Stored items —
>>>
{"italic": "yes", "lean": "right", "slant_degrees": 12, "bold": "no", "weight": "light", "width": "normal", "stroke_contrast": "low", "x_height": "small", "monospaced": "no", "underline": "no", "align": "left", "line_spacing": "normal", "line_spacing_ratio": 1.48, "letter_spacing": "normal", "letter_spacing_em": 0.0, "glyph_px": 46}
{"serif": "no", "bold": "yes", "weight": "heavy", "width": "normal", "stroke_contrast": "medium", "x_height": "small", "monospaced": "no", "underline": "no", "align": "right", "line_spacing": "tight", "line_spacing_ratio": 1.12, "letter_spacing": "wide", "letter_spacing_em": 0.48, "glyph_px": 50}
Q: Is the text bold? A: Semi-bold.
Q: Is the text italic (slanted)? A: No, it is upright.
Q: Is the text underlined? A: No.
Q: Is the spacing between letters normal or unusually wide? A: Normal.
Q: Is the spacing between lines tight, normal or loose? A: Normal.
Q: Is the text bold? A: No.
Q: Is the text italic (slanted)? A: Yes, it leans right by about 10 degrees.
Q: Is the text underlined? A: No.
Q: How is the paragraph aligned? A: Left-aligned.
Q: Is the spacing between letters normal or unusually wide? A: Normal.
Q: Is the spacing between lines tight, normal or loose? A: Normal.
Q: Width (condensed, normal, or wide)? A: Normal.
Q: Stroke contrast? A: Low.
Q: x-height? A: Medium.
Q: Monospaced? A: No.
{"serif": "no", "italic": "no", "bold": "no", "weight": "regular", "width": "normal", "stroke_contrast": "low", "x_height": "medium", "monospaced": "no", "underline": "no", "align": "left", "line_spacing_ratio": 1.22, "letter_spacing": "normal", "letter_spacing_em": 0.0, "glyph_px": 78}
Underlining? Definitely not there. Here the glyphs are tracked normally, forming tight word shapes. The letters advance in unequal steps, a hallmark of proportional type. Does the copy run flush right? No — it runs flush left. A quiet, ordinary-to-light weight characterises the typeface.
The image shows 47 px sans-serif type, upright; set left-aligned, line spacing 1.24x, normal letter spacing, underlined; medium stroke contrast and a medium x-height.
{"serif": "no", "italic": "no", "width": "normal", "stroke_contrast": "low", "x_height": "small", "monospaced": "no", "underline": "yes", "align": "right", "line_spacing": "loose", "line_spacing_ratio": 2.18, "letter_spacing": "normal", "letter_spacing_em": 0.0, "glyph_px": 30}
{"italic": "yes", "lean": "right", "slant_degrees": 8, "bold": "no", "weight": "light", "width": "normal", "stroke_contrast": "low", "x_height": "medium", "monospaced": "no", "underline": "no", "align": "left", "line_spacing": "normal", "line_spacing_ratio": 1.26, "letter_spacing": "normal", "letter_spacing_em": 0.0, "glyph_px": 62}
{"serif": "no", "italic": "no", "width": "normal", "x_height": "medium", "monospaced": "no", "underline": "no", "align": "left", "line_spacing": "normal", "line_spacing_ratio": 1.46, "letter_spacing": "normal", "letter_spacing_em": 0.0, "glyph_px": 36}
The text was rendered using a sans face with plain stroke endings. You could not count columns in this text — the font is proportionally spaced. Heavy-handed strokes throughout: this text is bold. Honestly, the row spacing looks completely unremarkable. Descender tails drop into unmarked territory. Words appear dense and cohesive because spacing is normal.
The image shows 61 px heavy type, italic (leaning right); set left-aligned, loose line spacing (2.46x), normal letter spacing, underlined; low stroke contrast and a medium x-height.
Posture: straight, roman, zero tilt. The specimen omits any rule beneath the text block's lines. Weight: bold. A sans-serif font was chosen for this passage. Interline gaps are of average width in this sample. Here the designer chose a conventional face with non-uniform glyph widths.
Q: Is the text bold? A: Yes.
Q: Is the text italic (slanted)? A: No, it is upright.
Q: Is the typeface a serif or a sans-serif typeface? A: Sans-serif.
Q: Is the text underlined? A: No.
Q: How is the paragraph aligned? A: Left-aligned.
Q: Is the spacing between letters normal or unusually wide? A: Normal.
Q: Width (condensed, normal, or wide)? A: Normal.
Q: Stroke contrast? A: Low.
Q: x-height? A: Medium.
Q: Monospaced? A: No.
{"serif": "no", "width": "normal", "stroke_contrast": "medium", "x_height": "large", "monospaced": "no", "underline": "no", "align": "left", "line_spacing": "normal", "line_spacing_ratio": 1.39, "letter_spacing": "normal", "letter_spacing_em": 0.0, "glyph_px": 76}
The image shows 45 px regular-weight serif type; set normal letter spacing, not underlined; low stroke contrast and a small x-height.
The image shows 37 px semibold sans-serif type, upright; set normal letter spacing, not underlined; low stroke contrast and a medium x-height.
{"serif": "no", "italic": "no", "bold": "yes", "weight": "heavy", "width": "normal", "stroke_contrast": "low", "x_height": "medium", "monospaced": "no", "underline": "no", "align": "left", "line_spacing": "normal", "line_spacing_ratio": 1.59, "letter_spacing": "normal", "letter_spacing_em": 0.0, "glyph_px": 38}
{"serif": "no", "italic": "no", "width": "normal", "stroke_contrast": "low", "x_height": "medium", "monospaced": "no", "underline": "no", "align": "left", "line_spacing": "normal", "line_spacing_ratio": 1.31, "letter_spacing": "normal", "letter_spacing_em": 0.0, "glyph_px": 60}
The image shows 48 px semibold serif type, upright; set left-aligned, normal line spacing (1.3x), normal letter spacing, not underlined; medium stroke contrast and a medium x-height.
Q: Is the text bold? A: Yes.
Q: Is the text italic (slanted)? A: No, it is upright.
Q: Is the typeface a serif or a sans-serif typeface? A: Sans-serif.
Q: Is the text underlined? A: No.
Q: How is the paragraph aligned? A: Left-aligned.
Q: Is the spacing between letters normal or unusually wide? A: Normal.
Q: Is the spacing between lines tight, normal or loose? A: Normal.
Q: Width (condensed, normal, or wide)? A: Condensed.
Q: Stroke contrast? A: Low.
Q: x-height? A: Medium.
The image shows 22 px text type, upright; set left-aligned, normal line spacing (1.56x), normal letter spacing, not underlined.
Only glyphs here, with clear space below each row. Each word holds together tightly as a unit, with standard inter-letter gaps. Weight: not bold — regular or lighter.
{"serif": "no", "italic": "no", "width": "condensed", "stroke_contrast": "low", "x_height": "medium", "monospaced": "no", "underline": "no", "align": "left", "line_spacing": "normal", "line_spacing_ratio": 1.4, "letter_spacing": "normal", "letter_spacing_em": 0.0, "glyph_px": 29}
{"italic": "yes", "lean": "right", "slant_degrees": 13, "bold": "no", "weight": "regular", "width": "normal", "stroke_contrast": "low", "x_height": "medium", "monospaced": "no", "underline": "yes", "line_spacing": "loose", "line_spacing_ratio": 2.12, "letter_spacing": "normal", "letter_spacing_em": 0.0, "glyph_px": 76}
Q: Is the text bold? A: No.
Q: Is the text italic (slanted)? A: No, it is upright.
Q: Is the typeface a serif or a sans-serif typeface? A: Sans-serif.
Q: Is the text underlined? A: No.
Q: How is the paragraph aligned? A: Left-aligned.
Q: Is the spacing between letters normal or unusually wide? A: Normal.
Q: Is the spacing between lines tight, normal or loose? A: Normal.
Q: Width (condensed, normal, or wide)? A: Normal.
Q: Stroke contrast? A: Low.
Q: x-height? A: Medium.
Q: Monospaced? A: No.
<<<
Could you output every record above exactly as written?

{"italic": "yes", "lean": "right", "slant_degrees": 12, "bold": "no", "weight": "light", "width": "normal", "stroke_contrast": "low", "x_height": "small", "monospaced": "no", "underline": "no", "align": "left", "line_spacing": "normal", "line_spacing_ratio": 1.48, "letter_spacing": "normal", "letter_spacing_em": 0.0, "glyph_px": 46}
{"serif": "no", "bold": "yes", "weight": "heavy", "width": "normal", "stroke_contrast": "medium", "x_height": "small", "monospaced": "no", "underline": "no", "align": "right", "line_spacing": "tight", "line_spacing_ratio": 1.12, "letter_spacing": "wide", "letter_spacing_em": 0.48, "glyph_px": 50}
Q: Is the text bold? A: Semi-bold.
Q: Is the text italic (slanted)? A: No, it is upright.
Q: Is the text underlined? A: No.
Q: Is the spacing between letters normal or unusually wide? A: Normal.
Q: Is the spacing between lines tight, normal or loose? A: Normal.
Q: Is the text bold? A: No.
Q: Is the text italic (slanted)? A: Yes, it leans right by about 10 degrees.
Q: Is the text underlined? A: No.
Q: How is the paragraph aligned? A: Left-aligned.
Q: Is the spacing between letters normal or unusually wide? A: Normal.
Q: Is the spacing between lines tight, normal or loose? A: Normal.
Q: Width (condensed, normal, or wide)? A: Normal.
Q: Stroke contrast? A: Low.
Q: x-height? A: Medium.
Q: Monospaced? A: No.
{"serif": "no", "italic": "no", "bold": "no", "weight": "regular", "width": "normal", "stroke_contrast": "low", "x_height": "medium", "monospaced": "no", "underline": "no", "align": "left", "line_spacing_ratio": 1.22, "letter_spacing": "normal", "letter_spacing_em": 0.0, "glyph_px": 78}
Underlining? Definitely not there. Here the glyphs are tracked normally, forming tight word shapes. The letters advance in unequal steps, a hallmark of proportional type. Does the copy run flush right? No — it runs flush left. A quiet, ordinary-to-light weight characterises the typeface.
The image shows 47 px sans-serif type, upright; set left-aligned, line spacing 1.24x, normal letter spacing, underlined; medium stroke contrast and a medium x-height.
{"serif": "no", "italic": "no", "width": "normal", "stroke_contrast": "low", "x_height": "small", "monospaced": "no", "underline": "yes", "align": "right", "line_spacing": "loose", "line_spacing_ratio": 2.18, "letter_spacing": "normal", "letter_spacing_em": 0.0, "glyph_px": 30}
{"italic": "yes", "lean": "right", "slant_degrees": 8, "bold": "no", "weight": "light", "width": "normal", "stroke_contrast": "low", "x_height": "medium", "monospaced": "no", "underline": "no", "align": "left", "line_spacing": "normal", "line_spacing_ratio": 1.26, "letter_spacing": "normal", "letter_spacing_em": 0.0, "glyph_px": 62}
{"serif": "no", "italic": "no", "width": "normal", "x_height": "medium", "monospaced": "no", "underline": "no", "align": "left", "line_spacing": "normal", "line_spacing_ratio": 1.46, "letter_spacing": "normal", "letter_spacing_em": 0.0, "glyph_px": 36}
The text was rendered using a sans face with plain stroke endings. You could not count columns in this text — the font is proportionally spaced. Heavy-handed strokes throughout: this text is bold. Honestly, the row spacing looks completely unremarkable. Descender tails drop into unmarked territory. Words appear dense and cohesive because spacing is normal.
The image shows 61 px heavy type, italic (leaning right); set left-aligned, loose line spacing (2.46x), normal letter spacing, underlined; low stroke contrast and a medium x-height.
Posture: straight, roman, zero tilt. The specimen omits any rule beneath the text block's lines. Weight: bold. A sans-serif font was chosen for this passage. Interline gaps are of average width in this sample. Here the designer chose a conventional face with non-uniform glyph widths.
Q: Is the text bold? A: Yes.
Q: Is the text italic (slanted)? A: No, it is upright.
Q: Is the typeface a serif or a sans-serif typeface? A: Sans-serif.
Q: Is the text underlined? A: No.
Q: How is the paragraph aligned? A: Left-aligned.
Q: Is the spacing between letters normal or unusually wide? A: Normal.
Q: Width (condensed, normal, or wide)? A: Normal.
Q: Stroke contrast? A: Low.
Q: x-height? A: Medium.
Q: Monospaced? A: No.
{"serif": "no", "width": "normal", "stroke_contrast": "medium", "x_height": "large", "monospaced": "no", "underline": "no", "align": "left", "line_spacing": "normal", "line_spacing_ratio": 1.39, "letter_spacing": "normal", "letter_spacing_em": 0.0, "glyph_px": 76}
The image shows 45 px regular-weight serif type; set normal letter spacing, not underlined; low stroke contrast and a small x-height.
The image shows 37 px semibold sans-serif type, upright; set normal letter spacing, not underlined; low stroke contrast and a medium x-height.
{"serif": "no", "italic": "no", "bold": "yes", "weight": "heavy", "width": "normal", "stroke_contrast": "low", "x_height": "medium", "monospaced": "no", "underline": "no", "align": "left", "line_spacing": "normal", "line_spacing_ratio": 1.59, "letter_spacing": "normal", "letter_spacing_em": 0.0, "glyph_px": 38}
{"serif": "no", "italic": "no", "width": "normal", "stroke_contrast": "low", "x_height": "medium", "monospaced": "no", "underline": "no", "align": "left", "line_spacing": "normal", "line_spacing_ratio": 1.31, "letter_spacing": "normal", "letter_spacing_em": 0.0, "glyph_px": 60}
The image shows 48 px semibold serif type, upright; set left-aligned, normal line spacing (1.3x), normal letter spacing, not underlined; medium stroke contrast and a medium x-height.
Q: Is the text bold? A: Yes.
Q: Is the text italic (slanted)? A: No, it is upright.
Q: Is the typeface a serif or a sans-serif typeface? A: Sans-serif.
Q: Is the text underlined? A: No.
Q: How is the paragraph aligned? A: Left-aligned.
Q: Is the spacing between letters normal or unusually wide? A: Normal.
Q: Is the spacing between lines tight, normal or loose? A: Normal.
Q: Width (condensed, normal, or wide)? A: Condensed.
Q: Stroke contrast? A: Low.
Q: x-height? A: Medium.
The image shows 22 px text type, upright; set left-aligned, normal line spacing (1.56x), normal letter spacing, not underlined.
Only glyphs here, with clear space below each row. Each word holds together tightly as a unit, with standard inter-letter gaps. Weight: not bold — regular or lighter.
{"serif": "no", "italic": "no", "width": "condensed", "stroke_contrast": "low", "x_height": "medium", "monospaced": "no", "underline": "no", "align": "left", "line_spacing": "normal", "line_spacing_ratio": 1.4, "letter_spacing": "normal", "letter_spacing_em": 0.0, "glyph_px": 29}
{"italic": "yes", "lean": "right", "slant_degrees": 13, "bold": "no", "weight": "regular", "width": "normal", "stroke_contrast": "low", "x_height": "medium", "monospaced": "no", "underline": "yes", "line_spacing": "loose", "line_spacing_ratio": 2.12, "letter_spacing": "normal", "letter_spacing_em": 0.0, "glyph_px": 76}
Q: Is the text bold? A: No.
Q: Is the text italic (slanted)? A: No, it is upright.
Q: Is the typeface a serif or a sans-serif typeface? A: Sans-serif.
Q: Is the text underlined? A: No.
Q: How is the paragraph aligned? A: Left-aligned.
Q: Is the spacing between letters normal or unusually wide? A: Normal.
Q: Is the spacing between lines tight, normal or loose? A: Normal.
Q: Width (condensed, normal, or wide)? A: Normal.
Q: Stroke contrast? A: Low.
Q: x-height? A: Medium.
Q: Monospaced? A: No.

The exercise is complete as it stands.